◆ **Assigned task**
Wherever pictures occur in the entries below, leave them out and retype the rest exactly.

Excerpts from a dataset

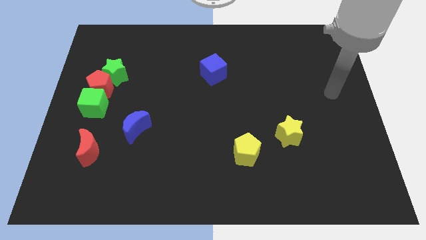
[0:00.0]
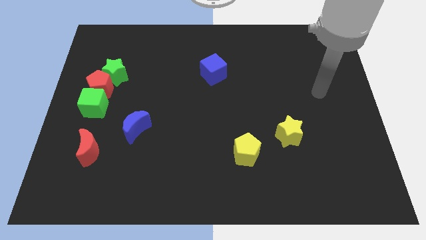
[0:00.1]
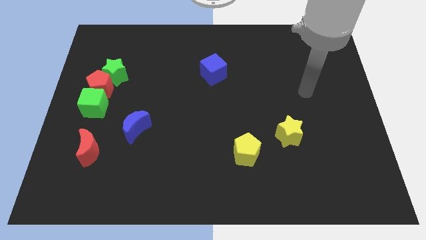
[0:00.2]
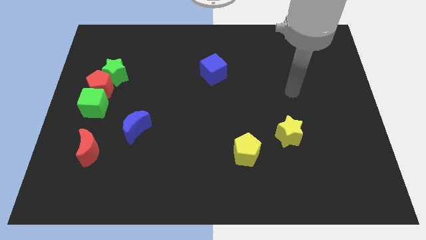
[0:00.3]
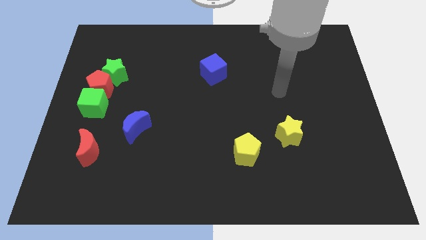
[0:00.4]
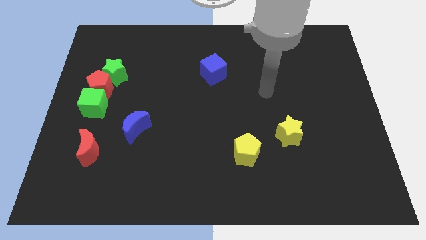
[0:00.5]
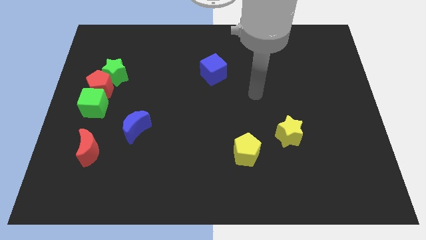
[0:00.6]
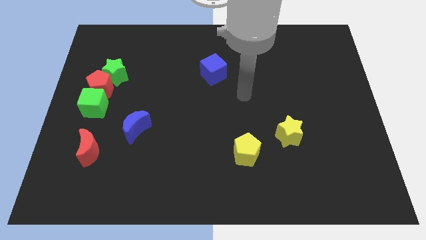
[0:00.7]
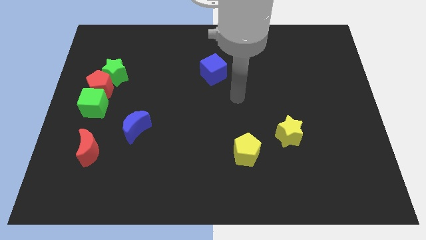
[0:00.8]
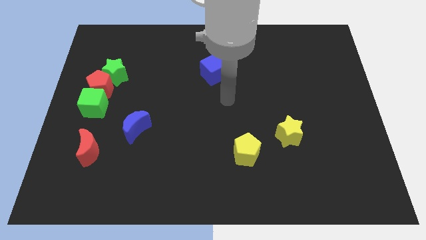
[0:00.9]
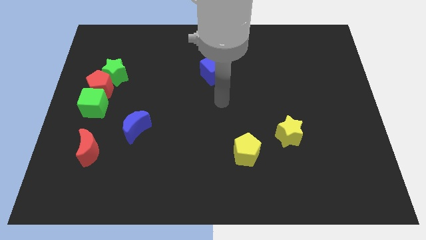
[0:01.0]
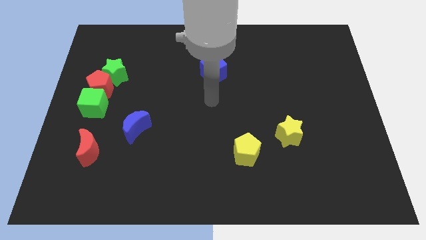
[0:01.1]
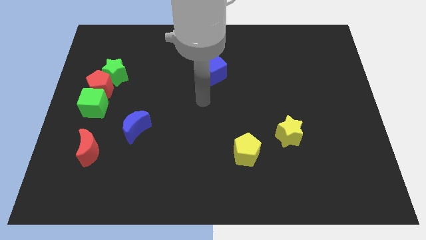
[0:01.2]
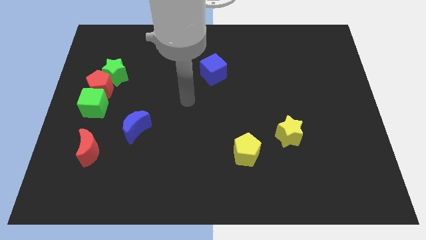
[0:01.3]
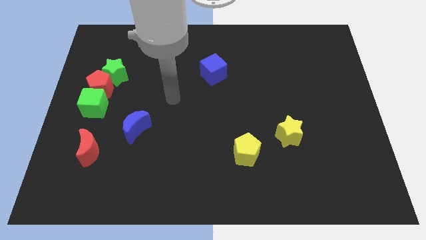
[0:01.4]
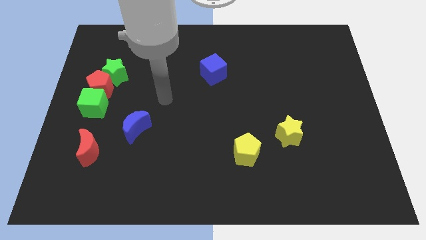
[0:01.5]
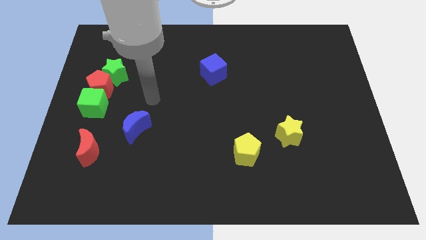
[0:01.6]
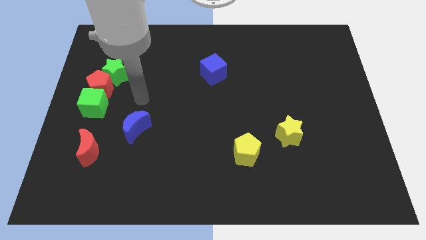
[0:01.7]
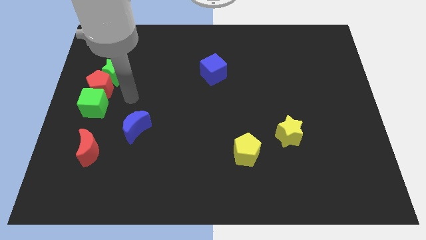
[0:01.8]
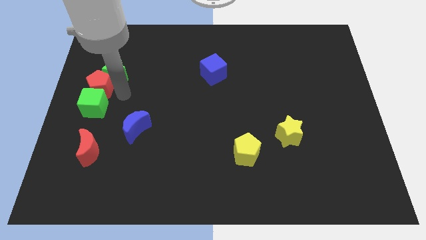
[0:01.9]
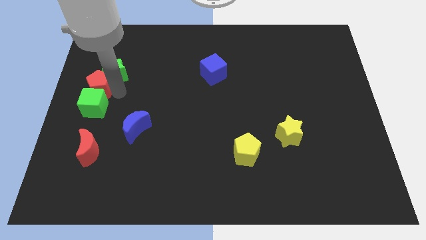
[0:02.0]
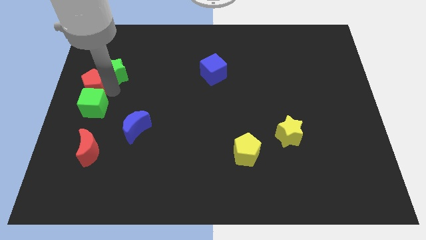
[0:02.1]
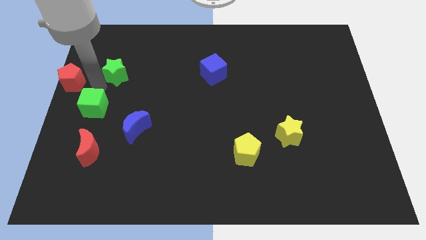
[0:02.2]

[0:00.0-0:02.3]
separate the green cube from the red pentagon

◆ **Exercise output**
[0:00.0]
[0:00.1]
[0:00.2]
[0:00.3]
[0:00.4]
[0:00.5]
[0:00.6]
[0:00.7]
[0:00.8]
[0:00.9]
[0:01.0]
[0:01.1]
[0:01.2]
[0:01.3]
[0:01.4]
[0:01.5]
[0:01.6]
[0:01.7]
[0:01.8]
[0:01.9]
[0:02.0]
[0:02.1]
[0:02.2]

[0:00.0-0:02.3]
separate the green cube from the red pentagon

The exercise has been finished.